Visual inspection reveals that the data passed the Homoscedasticity test

In [None]:
# Assuming residuals_nqt is available from the previous step (Homoscedasticity check).
if 'residuals_nqt' not in locals():
    print("residuals_nqt not found, re-running regression to get residuals...")
    if 'df_regression_nqt' not in locals():
        print("df_regression_nqt not found, creating it from df_transformed_vars...")
        # Assuming df_transformed_vars is available from cell SXDUqesKDYE5:
        df_regression_nqt = df_transformed_vars[['FOXO1 Qpath_nqt', 'PGR QPath_nqt', 'Serum E2 (pg/ml)_nqt', 'Serum P4 (ng/ml)_nqt']].dropna()

    X_nqt = df_regression_nqt[['PGR QPath_nqt', 'Serum E2 (pg/ml)_nqt', 'Serum P4 (ng/ml)_nqt']]
    y_nqt = df_regression_nqt['FOXO1 Qpath_nqt']
    X_nqt = sm.add_constant(X_nqt)
    model_nqt = sm.OLS(y_nqt, X_nqt).fit()
    residuals_nqt = model_nqt.resid


print("Checking Normality of Residuals (NQT Transformed Model):")

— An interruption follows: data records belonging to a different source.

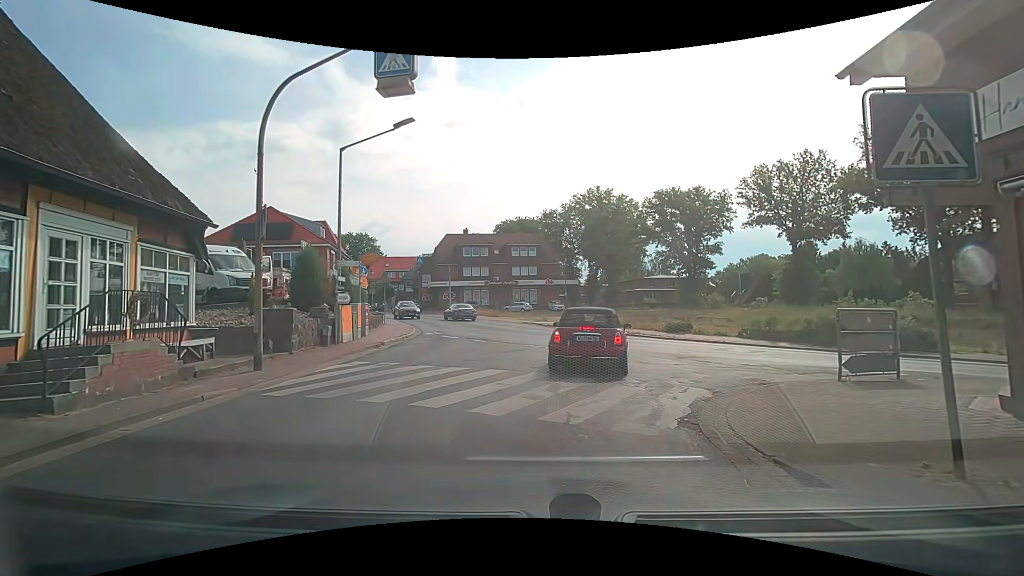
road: tertiary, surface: asphalt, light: Day
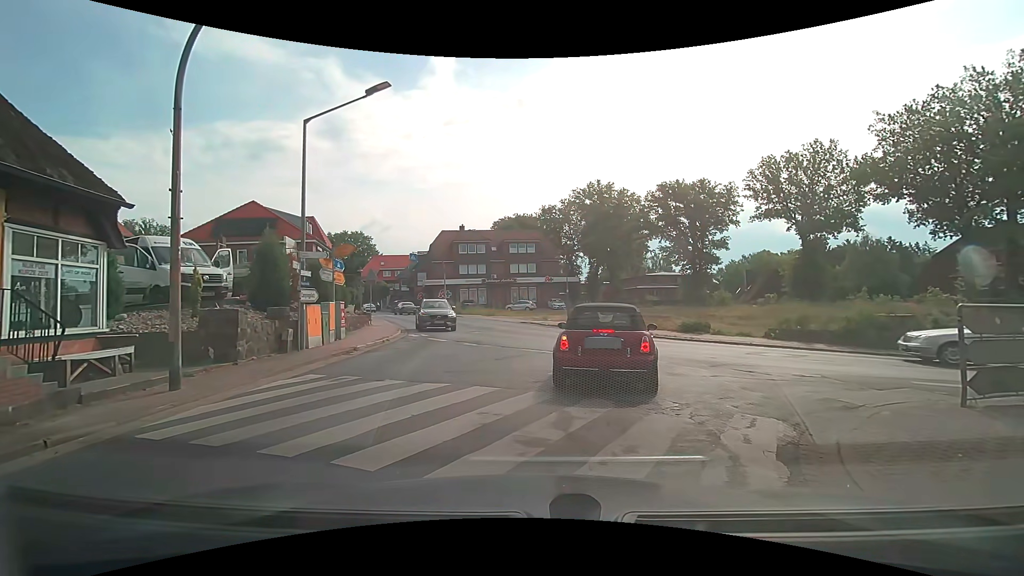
(0.0, +2.6) m; -1°
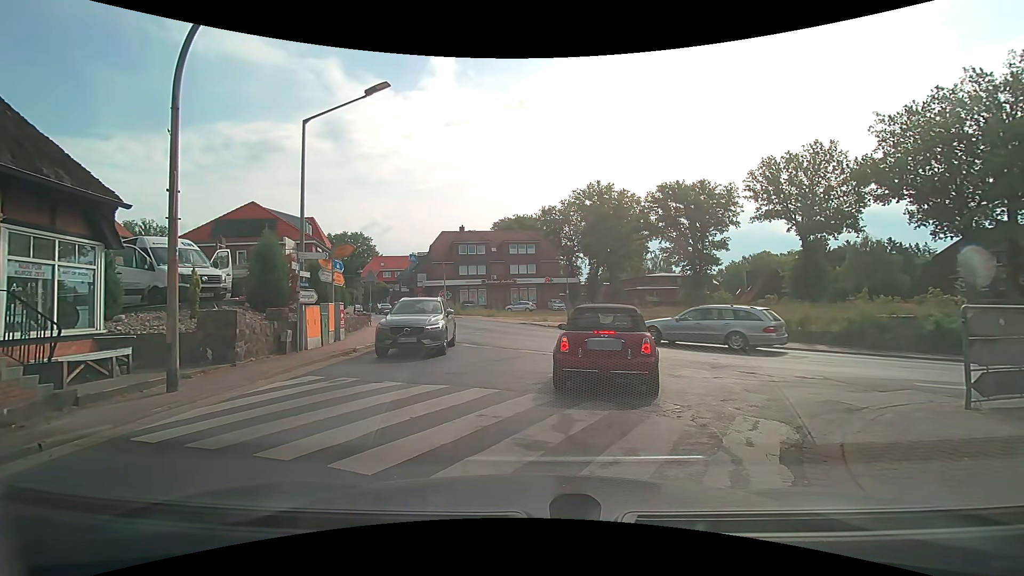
(0.0, +0.1) m; 0°
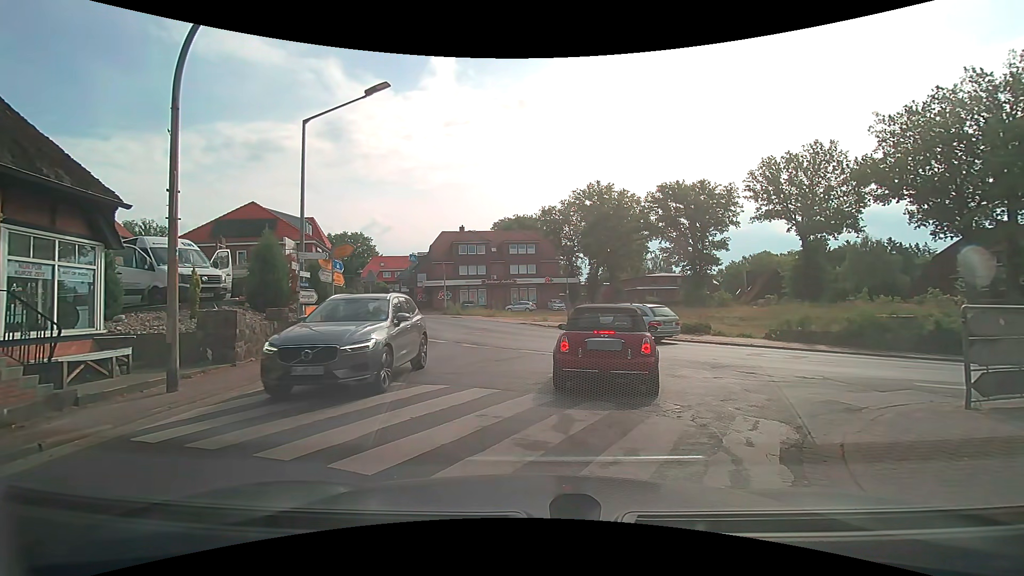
(0.0, 0.0) m; 0°
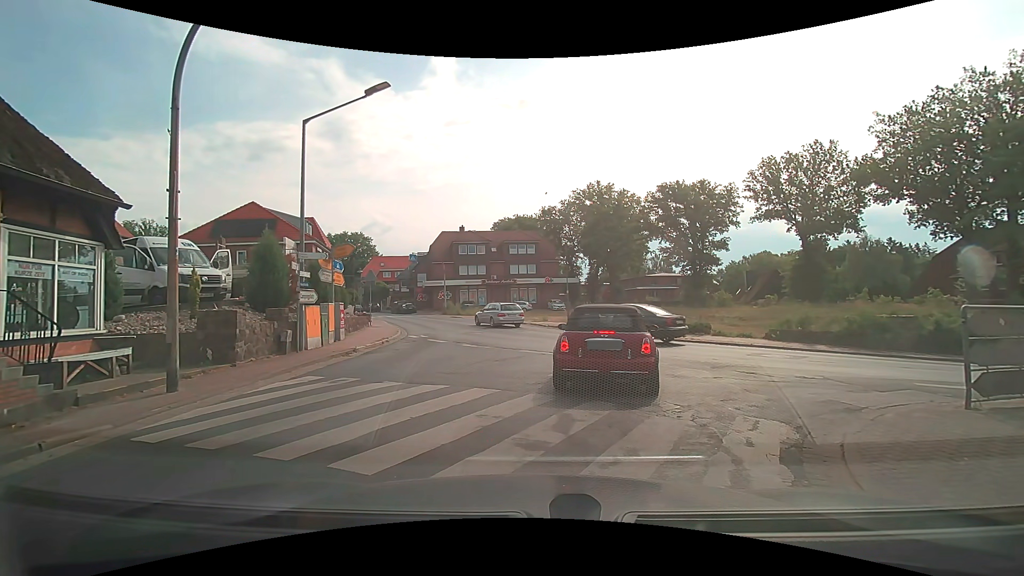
(0.0, 0.0) m; 0°
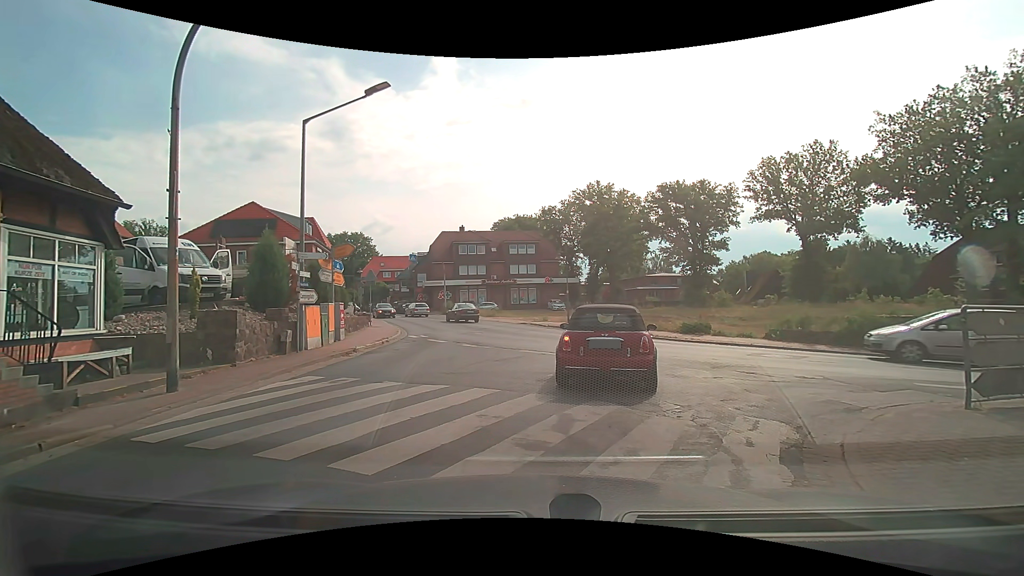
(0.0, 0.0) m; 0°

# Generate a histogram of the residuals for the NQT model
plt.figure(figsize=(10, 6))
plt.hist(residuals_nqt, bins=20, density=True, alpha=0.7)
plt.xlabel('Residuals (NQT Transformed)')
plt.ylabel('Frequency')
plt.title('Histogram of Residuals (NQT Transformed Model)')
plt.grid(True)
plt.show()

# Create a Q-Q plot of the residuals for the NQT model
sm.qqplot(residuals_nqt, line='s')
plt.title('Q-Q Plot of Residuals (NQT Transformed Model)')
plt.show()

# Perform the Shapiro-Wilk test on the NQT model residuals
shapiro_test_stat_nqt, shapiro_p_value_nqt = shapiro(residuals_nqt)

# Print the results of the Shapiro-Wilk test for NQT model residuals
print("\nShapiro-Wilk Test Results for Residuals (NQT Model):")
print(f"  Test Statistic: {shapiro_test_stat_nqt:.4f}")
print(f"  P-value: {shapiro_p_value_nqt:.4f}")

print("\nVisual inspection of the plots and the Shapiro-Wilk test results are needed to assess normality of residuals.")

Passed the residual normality test

In [None]:
#Verifying multicolinearity Model 1:
if 'df_regression_nqt' not in locals():
    print("df_regression_nqt not found, creating it from df_transformed_vars...")
    df_regression_nqt = df_transformed_vars[['FOXO1 Qpath_nqt', 'PGR QPath_nqt', 'Serum E2 (pg/ml)_nqt', 'Serum P4 (ng/ml)_nqt']].dropna()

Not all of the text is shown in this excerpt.